Но когда неудержимо наваливается страшная ночь, которую я, кажется, боюсь не меньше смерти, когда я остаюсь один на один со своими мыслями, весь этот холодный ужас перед смертью, весь этот неизбежный, неотвратимый кошмар душит меня, и я становлюсь таким жалким и несчастным, как… Как кто? Да нет никого, кто мог бы сравняться со мной в этом занятии — сидении в ожидании околеванса!

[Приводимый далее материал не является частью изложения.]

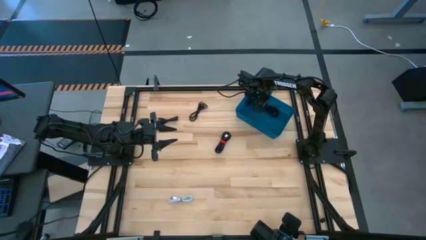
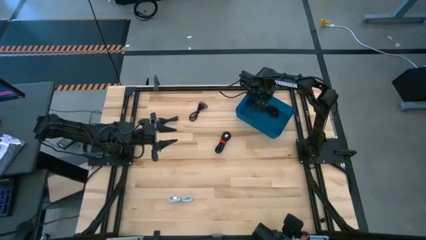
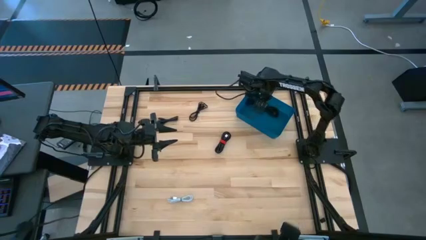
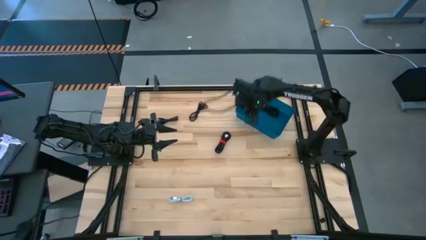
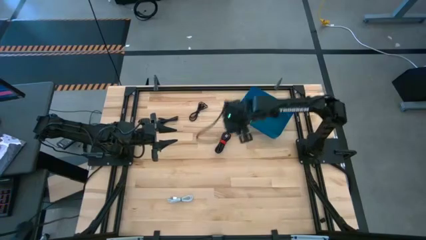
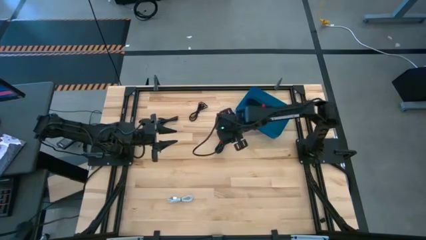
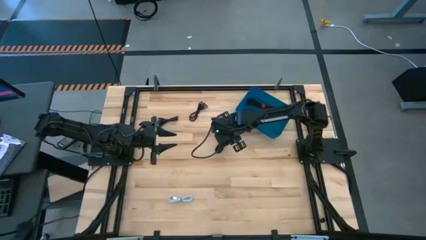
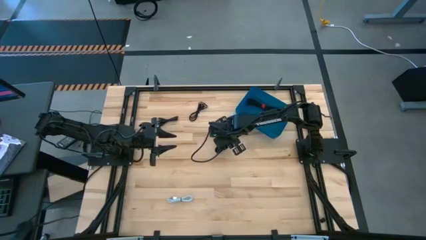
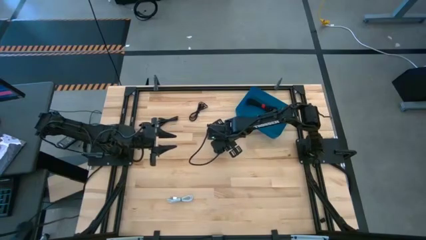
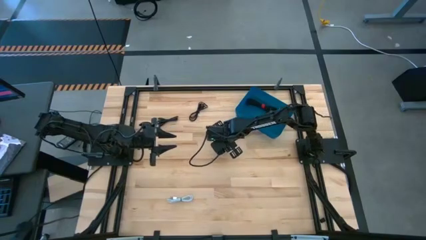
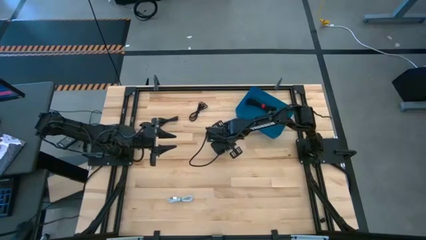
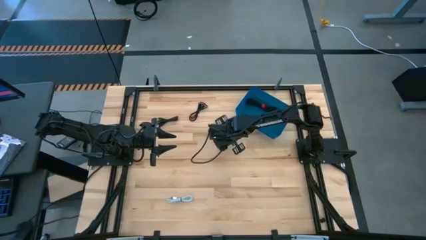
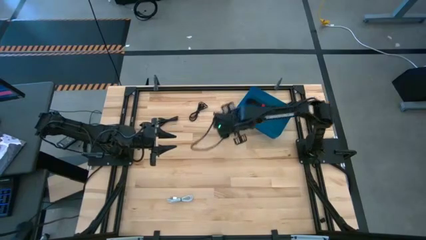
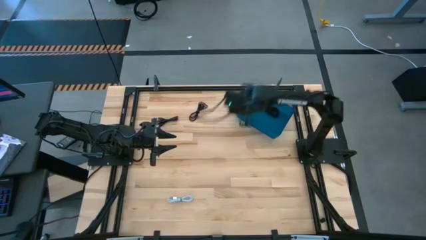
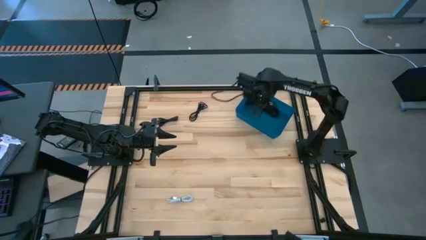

И нет у меня уже сил бороться… Господи, если Ты есть, дай мне силы!.. Я уже ничего не прошу у Бога. Только силы, чтобы как-то прожить то время, что мне отведено прижимистой Судьбой. Я пал духом…
Я вспоминаю тебя несколько лет назад, когда умерла твоя жена. У тебя были глаза, обращенные внутрь. Страшные глаза! Помнишь тот утренний разговор, когда ты признался мне, что если бы к тебе пришла смерть, ты не пошевелил бы рукой, чтобы ее прогнать?
Ты, кажется, даже говорил, что если бы не твоя лень, ты бы плеснул себе яду. Но что-то удерживало тебя от последнего шага. Может, отсутствие хорошего яда? Ты же не удовлетворился бы вторым сортом.
О, я знаю тебя, тебе подавай все высшего качества! Тебе ведь нужен был какой-нибудь надежный, выдающийся яд. Вроде синильной кислоты. Или цианистого калия. Синильная кислота, цианистый калий! Какие яды! Их названия звучат как песня, как государственный гимн!
Я понимаю тебя… Цианистый калий или синильная кислота — это стиль. Высокий стиль! Ты ведь не стал бы пользовать себя ядом, которым травят крыс! Подохнуть от крысиного яда — значило бы для тебя опозориться перед потомками…
…Тебе тогда все опротивело, ты потерял интерес к жизни. И все не мог понять, ради чего тебе имеет смысл жить дальше. Пока в один прекрасный день тебя ни осенило — ради себя будущего. Это примерно то же самое, что придумали древние. Они говорили: пройдет и это. И это пройдет…
Ты понял, что жену не вернуть, как бы ты ни молил Бога. Ты понял, что твоя жизнь не кончается, и еще много всякого-разного ждет тебя впереди. И за эту спасительную мысль ты сумел уцепиться.